TASK: When you reach the line with "Moment captured 1.6 s after image 1.", transcribe it and each line after it through the last one below, exactly. Pictures stay out.
** RECORDS FOR THIS TASK follows **
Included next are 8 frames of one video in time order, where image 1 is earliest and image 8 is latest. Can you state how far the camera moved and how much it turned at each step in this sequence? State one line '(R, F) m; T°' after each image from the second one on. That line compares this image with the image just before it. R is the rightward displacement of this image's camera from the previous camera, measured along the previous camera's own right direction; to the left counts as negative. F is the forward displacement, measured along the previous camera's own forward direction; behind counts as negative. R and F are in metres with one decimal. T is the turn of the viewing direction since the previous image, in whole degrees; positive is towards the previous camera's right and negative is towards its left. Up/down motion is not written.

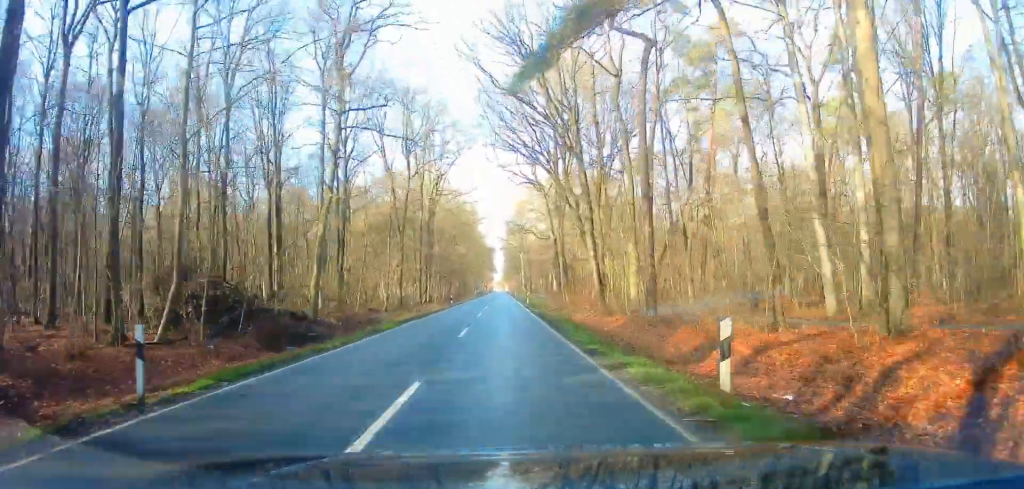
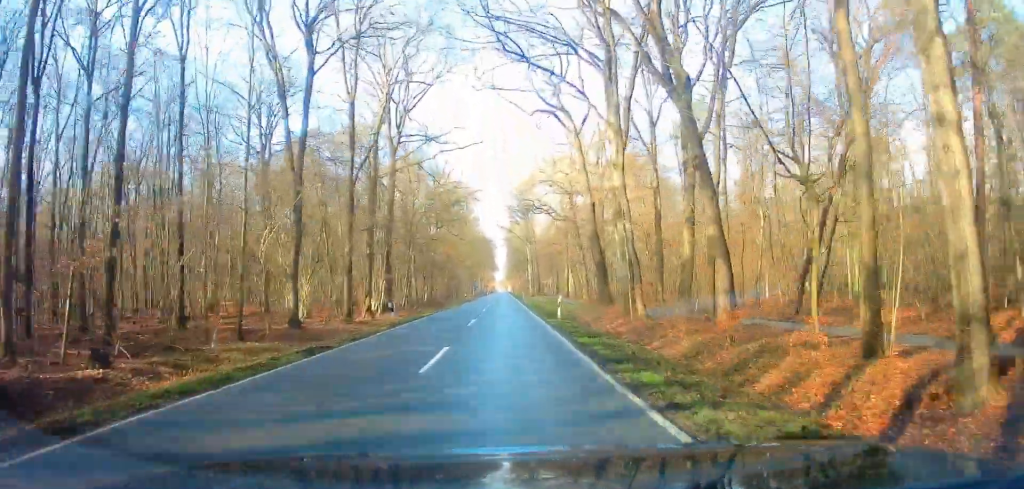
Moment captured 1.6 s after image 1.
(-0.2, +30.9) m; -1°
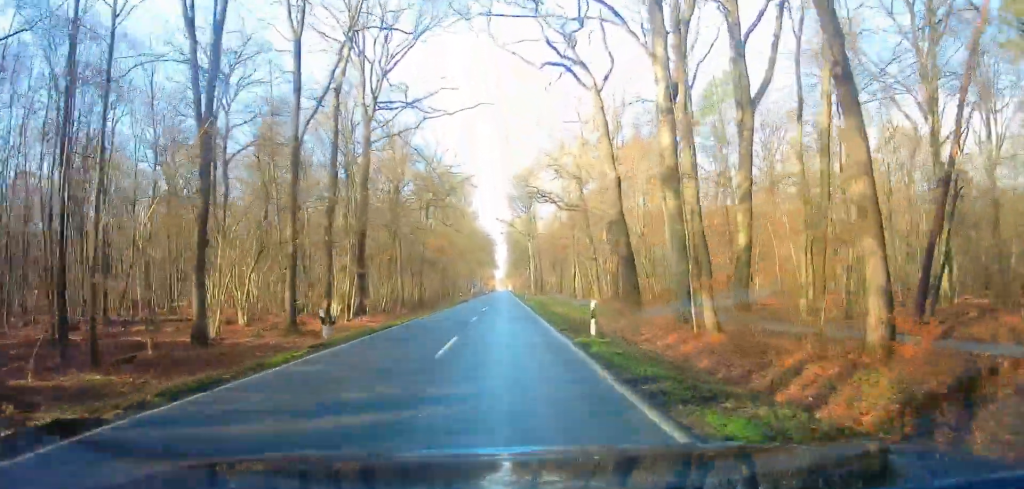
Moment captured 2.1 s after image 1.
(0.0, +9.7) m; 0°
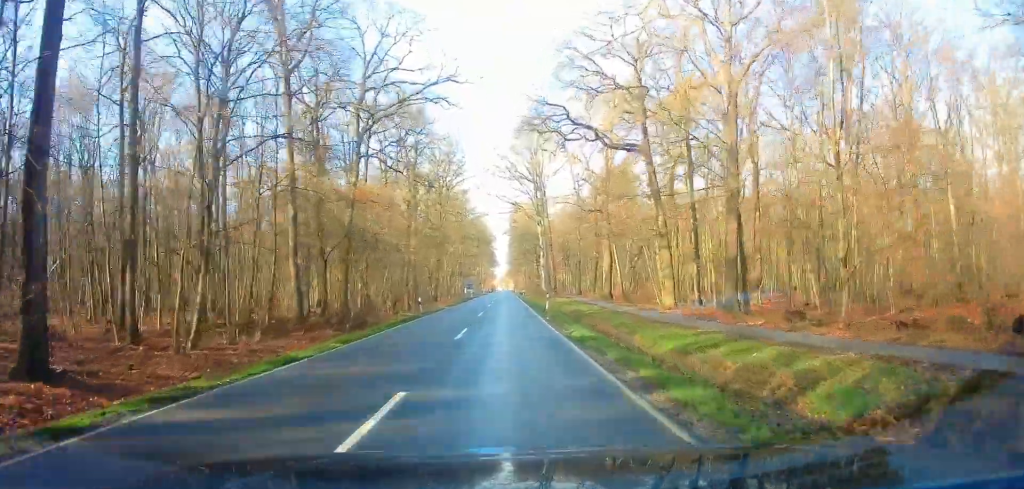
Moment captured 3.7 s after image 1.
(-0.2, +31.7) m; -2°
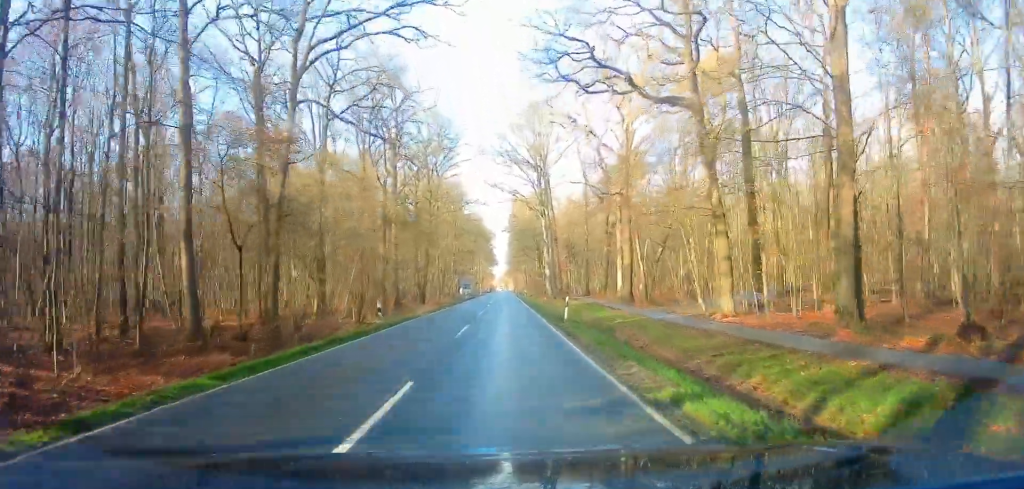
** End of RECORDS FOR THIS TASK **
EXPECTED ANSWER:
Moment captured 1.6 s after image 1.
(-0.2, +30.9) m; -1°
Moment captured 2.1 s after image 1.
(0.0, +9.7) m; 0°
Moment captured 3.7 s after image 1.
(-0.2, +31.7) m; -2°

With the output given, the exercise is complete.